■ Source material ■
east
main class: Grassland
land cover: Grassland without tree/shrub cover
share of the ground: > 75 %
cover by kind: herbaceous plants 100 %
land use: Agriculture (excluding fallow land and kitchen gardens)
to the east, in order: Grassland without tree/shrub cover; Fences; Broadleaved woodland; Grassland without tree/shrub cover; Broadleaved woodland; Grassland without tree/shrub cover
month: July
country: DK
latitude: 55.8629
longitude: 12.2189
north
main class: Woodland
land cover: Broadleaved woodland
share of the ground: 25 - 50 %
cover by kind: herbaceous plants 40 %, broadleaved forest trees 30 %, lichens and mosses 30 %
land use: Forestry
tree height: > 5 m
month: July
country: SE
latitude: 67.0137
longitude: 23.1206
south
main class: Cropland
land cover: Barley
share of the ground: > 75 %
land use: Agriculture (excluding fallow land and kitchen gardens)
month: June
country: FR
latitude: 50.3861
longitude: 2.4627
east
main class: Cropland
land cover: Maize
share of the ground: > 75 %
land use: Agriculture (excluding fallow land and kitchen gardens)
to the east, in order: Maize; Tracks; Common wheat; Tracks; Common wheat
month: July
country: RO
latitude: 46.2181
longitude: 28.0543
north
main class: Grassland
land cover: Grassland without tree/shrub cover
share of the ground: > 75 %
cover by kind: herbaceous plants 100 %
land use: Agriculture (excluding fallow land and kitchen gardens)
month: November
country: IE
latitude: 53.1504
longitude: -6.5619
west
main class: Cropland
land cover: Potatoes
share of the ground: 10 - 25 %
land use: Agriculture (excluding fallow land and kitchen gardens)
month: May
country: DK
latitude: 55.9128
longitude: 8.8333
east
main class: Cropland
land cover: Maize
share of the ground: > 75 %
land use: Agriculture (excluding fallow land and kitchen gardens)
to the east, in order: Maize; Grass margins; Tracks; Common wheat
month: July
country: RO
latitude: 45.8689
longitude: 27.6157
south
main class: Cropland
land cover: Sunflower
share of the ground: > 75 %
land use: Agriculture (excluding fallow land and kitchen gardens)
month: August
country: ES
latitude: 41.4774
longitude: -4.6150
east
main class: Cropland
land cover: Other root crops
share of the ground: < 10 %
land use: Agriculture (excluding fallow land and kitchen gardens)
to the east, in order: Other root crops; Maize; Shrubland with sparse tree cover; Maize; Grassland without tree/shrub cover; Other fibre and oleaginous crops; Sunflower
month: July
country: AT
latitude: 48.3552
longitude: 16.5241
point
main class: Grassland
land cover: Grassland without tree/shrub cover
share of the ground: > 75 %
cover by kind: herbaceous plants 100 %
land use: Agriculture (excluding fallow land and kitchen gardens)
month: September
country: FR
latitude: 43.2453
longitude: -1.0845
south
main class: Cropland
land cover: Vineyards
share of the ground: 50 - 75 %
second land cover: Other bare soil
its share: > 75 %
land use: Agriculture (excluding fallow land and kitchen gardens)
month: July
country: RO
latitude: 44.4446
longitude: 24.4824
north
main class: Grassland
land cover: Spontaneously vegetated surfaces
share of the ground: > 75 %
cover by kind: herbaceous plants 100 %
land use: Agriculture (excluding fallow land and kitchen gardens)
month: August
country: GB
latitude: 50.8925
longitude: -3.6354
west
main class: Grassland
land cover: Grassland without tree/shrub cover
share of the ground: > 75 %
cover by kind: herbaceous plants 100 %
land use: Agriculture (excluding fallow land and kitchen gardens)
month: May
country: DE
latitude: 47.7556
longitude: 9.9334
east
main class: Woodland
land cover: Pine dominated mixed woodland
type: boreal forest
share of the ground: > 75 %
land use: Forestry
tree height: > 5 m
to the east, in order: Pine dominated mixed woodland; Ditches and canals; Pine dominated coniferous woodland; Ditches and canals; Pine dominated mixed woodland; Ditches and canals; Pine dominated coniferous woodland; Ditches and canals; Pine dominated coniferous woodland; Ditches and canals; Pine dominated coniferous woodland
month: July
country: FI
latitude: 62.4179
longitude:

■ Exercise prompt ■
Please write out all the data above, exactly as it reads.

■ Response area ■
east
main class: Grassland
land cover: Grassland without tree/shrub cover
share of the ground: > 75 %
cover by kind: herbaceous plants 100 %
land use: Agriculture (excluding fallow land and kitchen gardens)
to the east, in order: Grassland without tree/shrub cover; Fences; Broadleaved woodland; Grassland without tree/shrub cover; Broadleaved woodland; Grassland without tree/shrub cover
month: July
country: DK
latitude: 55.8629
longitude: 12.2189
north
main class: Woodland
land cover: Broadleaved woodland
share of the ground: 25 - 50 %
cover by kind: herbaceous plants 40 %, broadleaved forest trees 30 %, lichens and mosses 30 %
land use: Forestry
tree height: > 5 m
month: July
country: SE
latitude: 67.0137
longitude: 23.1206
south
main class: Cropland
land cover: Barley
share of the ground: > 75 %
land use: Agriculture (excluding fallow land and kitchen gardens)
month: June
country: FR
latitude: 50.3861
longitude: 2.4627
east
main class: Cropland
land cover: Maize
share of the ground: > 75 %
land use: Agriculture (excluding fallow land and kitchen gardens)
to the east, in order: Maize; Tracks; Common wheat; Tracks; Common wheat
month: July
country: RO
latitude: 46.2181
longitude: 28.0543
north
main class: Grassland
land cover: Grassland without tree/shrub cover
share of the ground: > 75 %
cover by kind: herbaceous plants 100 %
land use: Agriculture (excluding fallow land and kitchen gardens)
month: November
country: IE
latitude: 53.1504
longitude: -6.5619
west
main class: Cropland
land cover: Potatoes
share of the ground: 10 - 25 %
land use: Agriculture (excluding fallow land and kitchen gardens)
month: May
country: DK
latitude: 55.9128
longitude: 8.8333
east
main class: Cropland
land cover: Maize
share of the ground: > 75 %
land use: Agriculture (excluding fallow land and kitchen gardens)
to the east, in order: Maize; Grass margins; Tracks; Common wheat
month: July
country: RO
latitude: 45.8689
longitude: 27.6157
south
main class: Cropland
land cover: Sunflower
share of the ground: > 75 %
land use: Agriculture (excluding fallow land and kitchen gardens)
month: August
country: ES
latitude: 41.4774
longitude: -4.6150
east
main class: Cropland
land cover: Other root crops
share of the ground: < 10 %
land use: Agriculture (excluding fallow land and kitchen gardens)
to the east, in order: Other root crops; Maize; Shrubland with sparse tree cover; Maize; Grassland without tree/shrub cover; Other fibre and oleaginous crops; Sunflower
month: July
country: AT
latitude: 48.3552
longitude: 16.5241
point
main class: Grassland
land cover: Grassland without tree/shrub cover
share of the ground: > 75 %
cover by kind: herbaceous plants 100 %
land use: Agriculture (excluding fallow land and kitchen gardens)
month: September
country: FR
latitude: 43.2453
longitude: -1.0845
south
main class: Cropland
land cover: Vineyards
share of the ground: 50 - 75 %
second land cover: Other bare soil
its share: > 75 %
land use: Agriculture (excluding fallow land and kitchen gardens)
month: July
country: RO
latitude: 44.4446
longitude: 24.4824
north
main class: Grassland
land cover: Spontaneously vegetated surfaces
share of the ground: > 75 %
cover by kind: herbaceous plants 100 %
land use: Agriculture (excluding fallow land and kitchen gardens)
month: August
country: GB
latitude: 50.8925
longitude: -3.6354
west
main class: Grassland
land cover: Grassland without tree/shrub cover
share of the ground: > 75 %
cover by kind: herbaceous plants 100 %
land use: Agriculture (excluding fallow land and kitchen gardens)
month: May
country: DE
latitude: 47.7556
longitude: 9.9334
east
main class: Woodland
land cover: Pine dominated mixed woodland
type: boreal forest
share of the ground: > 75 %
land use: Forestry
tree height: > 5 m
to the east, in order: Pine dominated mixed woodland; Ditches and canals; Pine dominated coniferous woodland; Ditches and canals; Pine dominated mixed woodland; Ditches and canals; Pine dominated coniferous woodland; Ditches and canals; Pine dominated coniferous woodland; Ditches and canals; Pine dominated coniferous woodland
month: July
country: FI
latitude: 62.4179
longitude:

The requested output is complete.